On 2016-10-18 05:25, li...@wrant.com wrote:
Mon, 17 Oct 2016 18:00:39 +0200 Karel Gardas <gard...@gmail.com>
1) use machine with proper ECC support

Hello Karel,

Please explain this "proper ECC support" for every laptop user out there?
[..]
Mon, 17 Oct 2016 21:48:47 +0800 Tinker <ti...@openmailbox.org>
Sometimes a machine goes unresponsive. In this case, a non-ECC RAM
machine.

Hello Tinker,

This is one very intriguing problem with a very trivial solution: reboot. The idea to work around missing ECC support with software is as practical
[..]

Hi Anton,

You misread me -

What I queried for was not how to trig some event logic on bit flip errors (because on a non-ECC machine those will generally appear as data corruption or undefined behavior only) or other hardware or kernel error, but:

How to trig some event logic when the system has become vegetable because of overload by the userland?


My limited experience here says that system overload caused by user processes can lead to that all processes die or freeze, and that the system goes otherwise unresponsive, except for that terminal input still is echoed.
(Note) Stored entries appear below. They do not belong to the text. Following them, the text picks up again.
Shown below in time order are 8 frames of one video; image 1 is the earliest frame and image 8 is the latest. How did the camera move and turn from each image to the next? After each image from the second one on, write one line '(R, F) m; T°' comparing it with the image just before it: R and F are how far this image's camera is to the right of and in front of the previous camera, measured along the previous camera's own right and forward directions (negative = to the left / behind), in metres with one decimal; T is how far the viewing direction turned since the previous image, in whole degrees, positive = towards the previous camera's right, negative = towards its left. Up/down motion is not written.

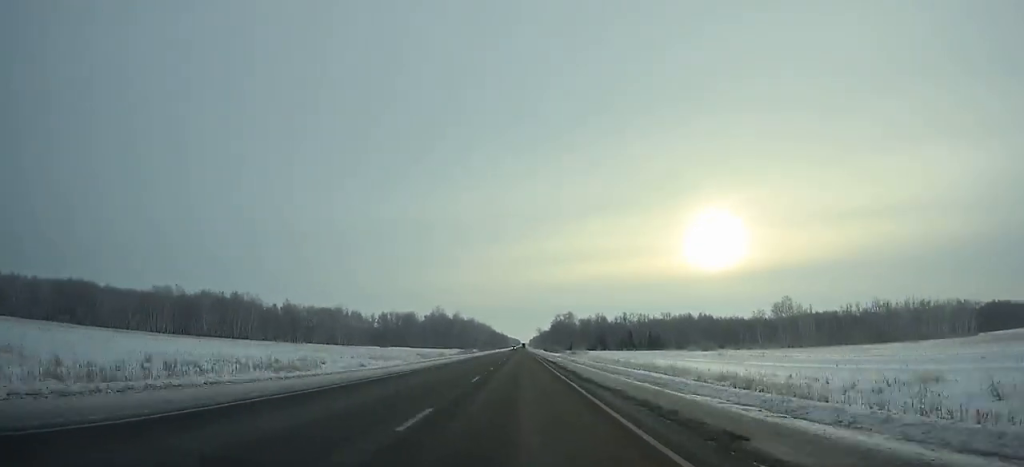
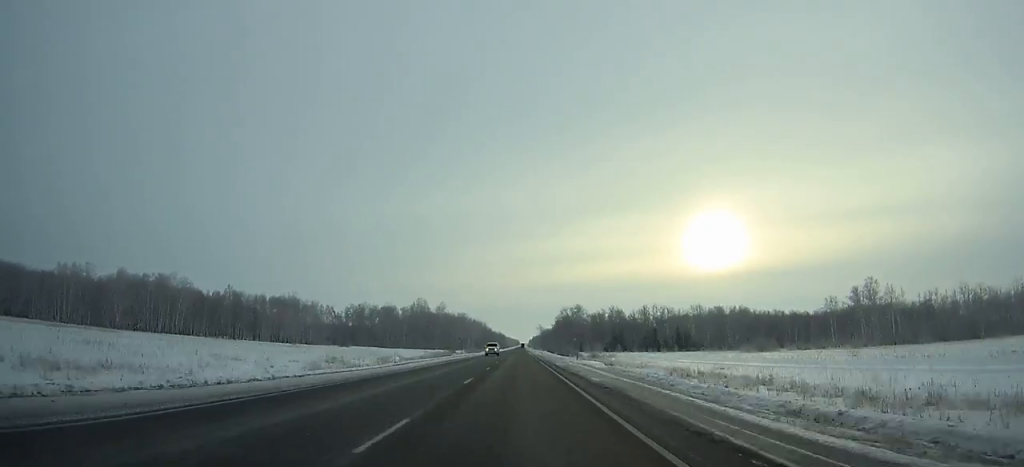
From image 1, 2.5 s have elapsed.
(0.0, +61.9) m; 0°
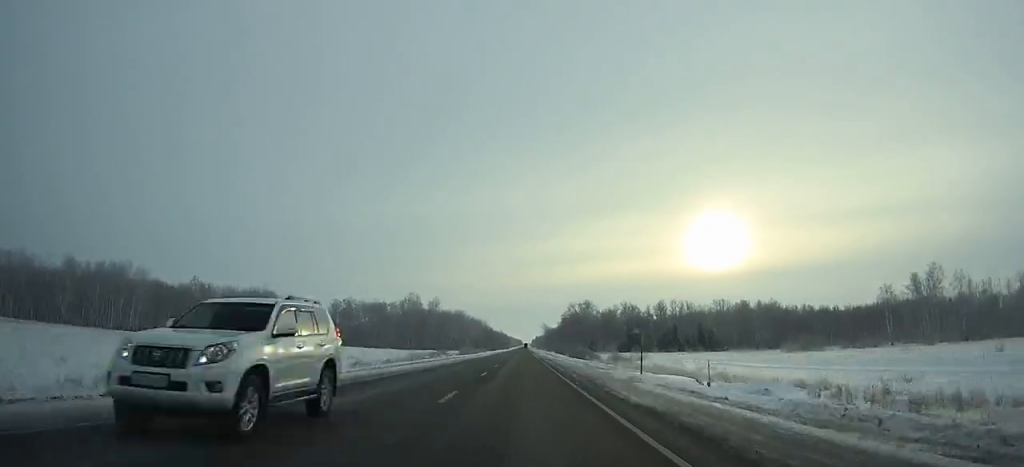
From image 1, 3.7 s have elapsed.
(0.0, +29.8) m; 0°
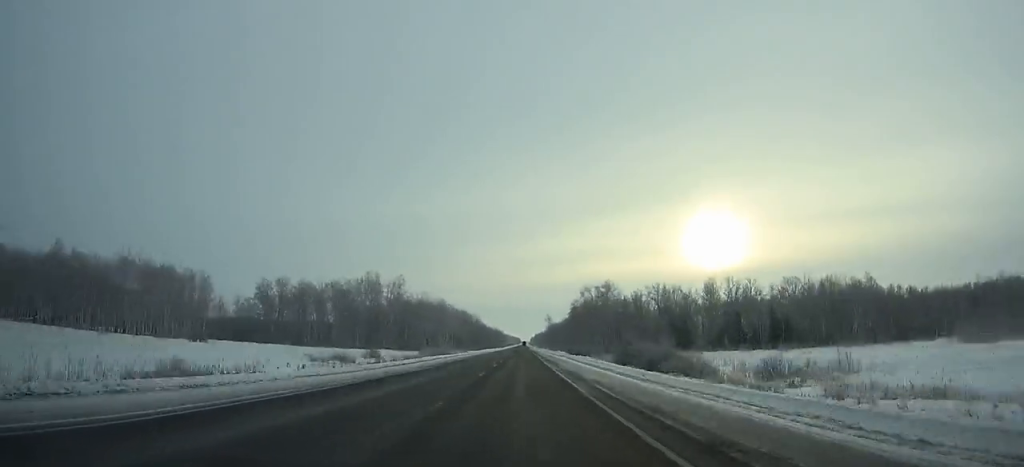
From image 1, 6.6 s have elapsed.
(-0.1, +72.2) m; 0°
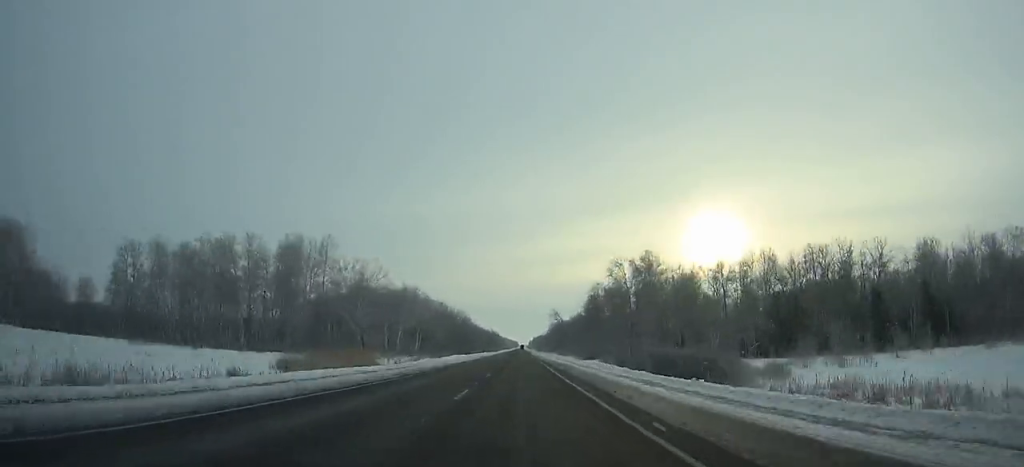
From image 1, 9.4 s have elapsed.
(+0.2, +70.1) m; 0°
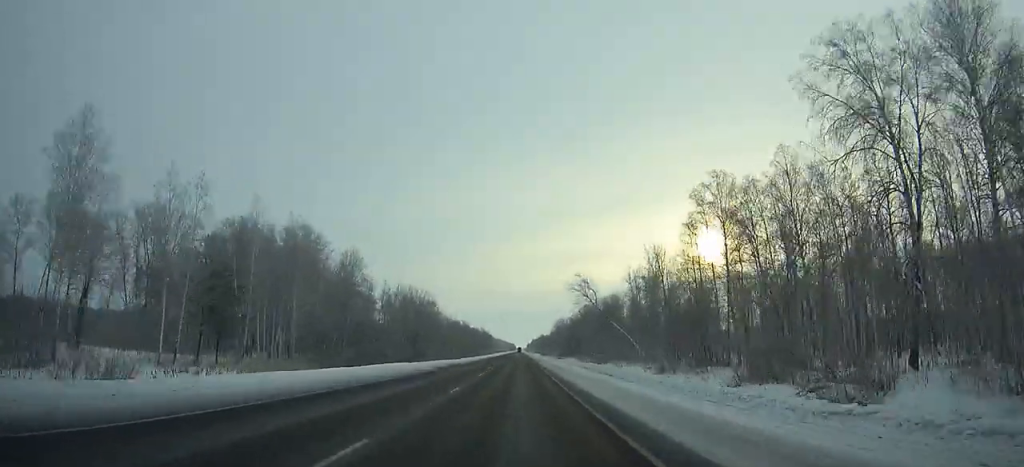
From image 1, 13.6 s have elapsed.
(+0.3, +105.3) m; 0°
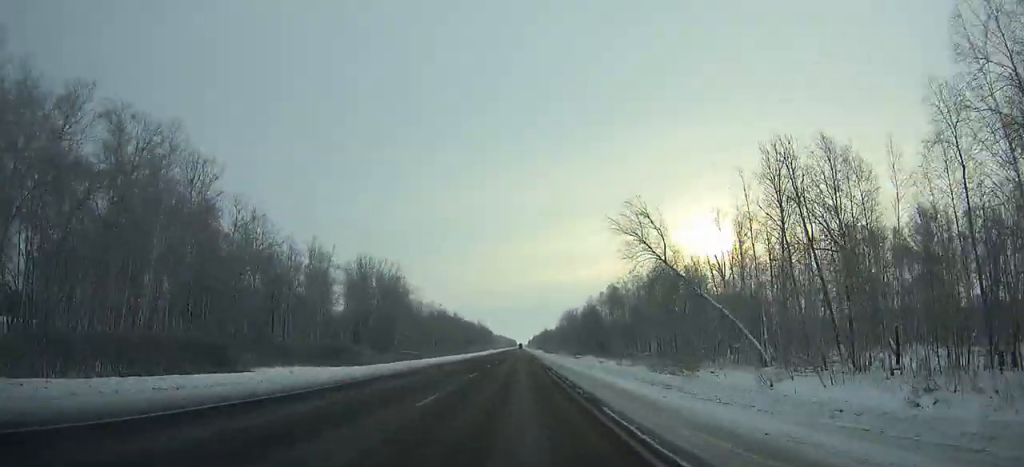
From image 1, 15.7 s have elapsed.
(-0.1, +52.8) m; 0°
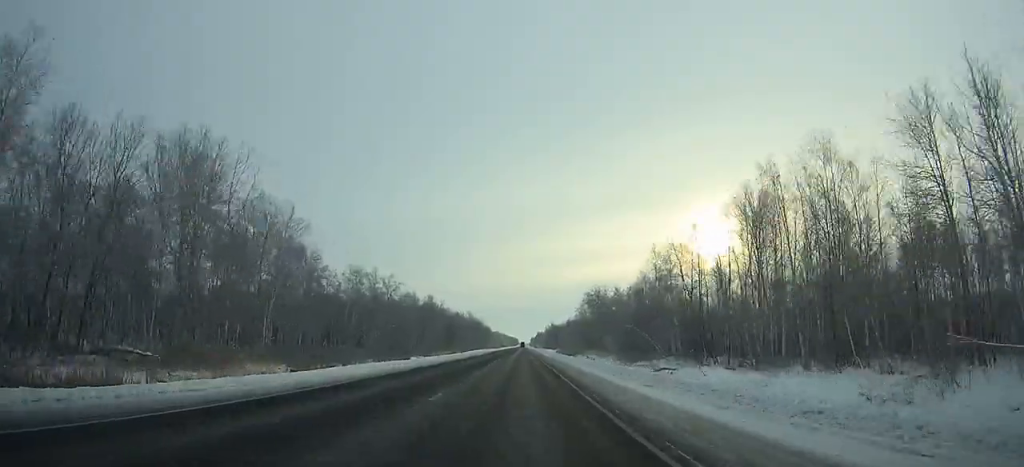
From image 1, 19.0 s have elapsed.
(-0.2, +82.9) m; 0°
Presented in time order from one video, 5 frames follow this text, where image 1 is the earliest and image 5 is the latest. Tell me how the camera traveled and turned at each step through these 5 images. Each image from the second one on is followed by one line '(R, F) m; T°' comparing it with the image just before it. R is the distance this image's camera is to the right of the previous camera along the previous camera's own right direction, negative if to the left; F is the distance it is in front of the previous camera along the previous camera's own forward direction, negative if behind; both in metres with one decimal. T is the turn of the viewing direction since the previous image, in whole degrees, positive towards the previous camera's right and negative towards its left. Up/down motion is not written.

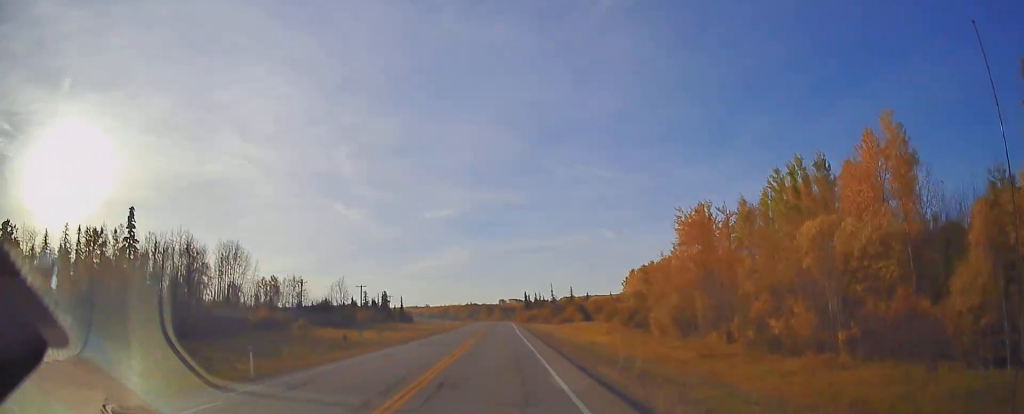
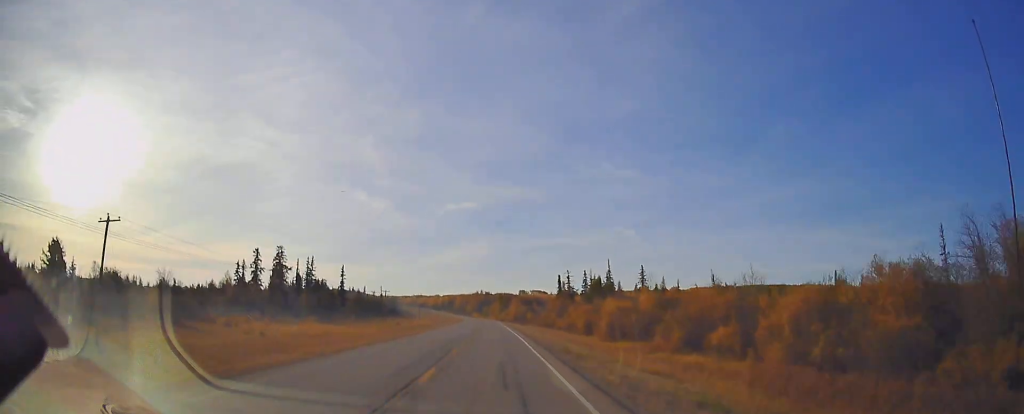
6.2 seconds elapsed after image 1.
(-3.0, +170.1) m; -2°
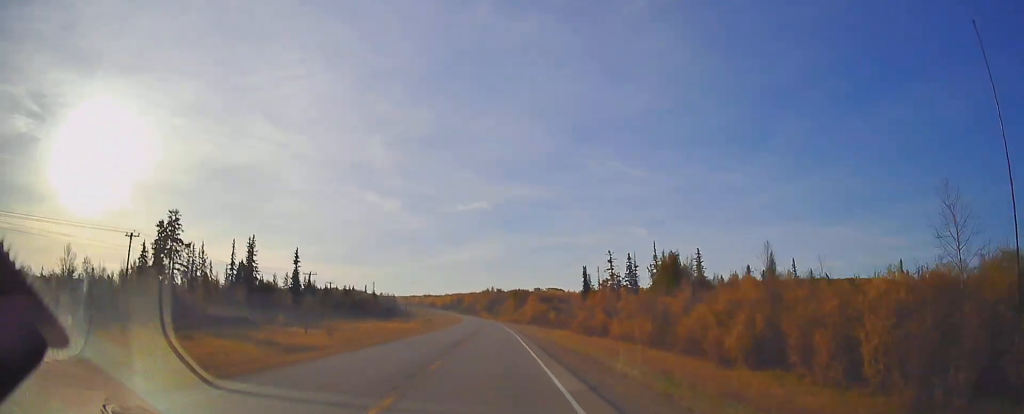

And for that I speculated that such event logic could be implemented as some in-kernel code e.g. as a kernel thread, if those have some kind of higher execution guarantee than user process code,

E.g., when a userland watchdog/monitoring process didn't send any "I'm OK" signal to that thread for 60 seconds, that thread would dump the system's state to the console and reboot the machine.

This way I'd be able to distinguish userland-caused system crashes from hardware/kernel crashes, as the further always make that output and reboot, whereas the latter don't (but instead reboot, crash to kernel debug console, or just freeze the system altogether).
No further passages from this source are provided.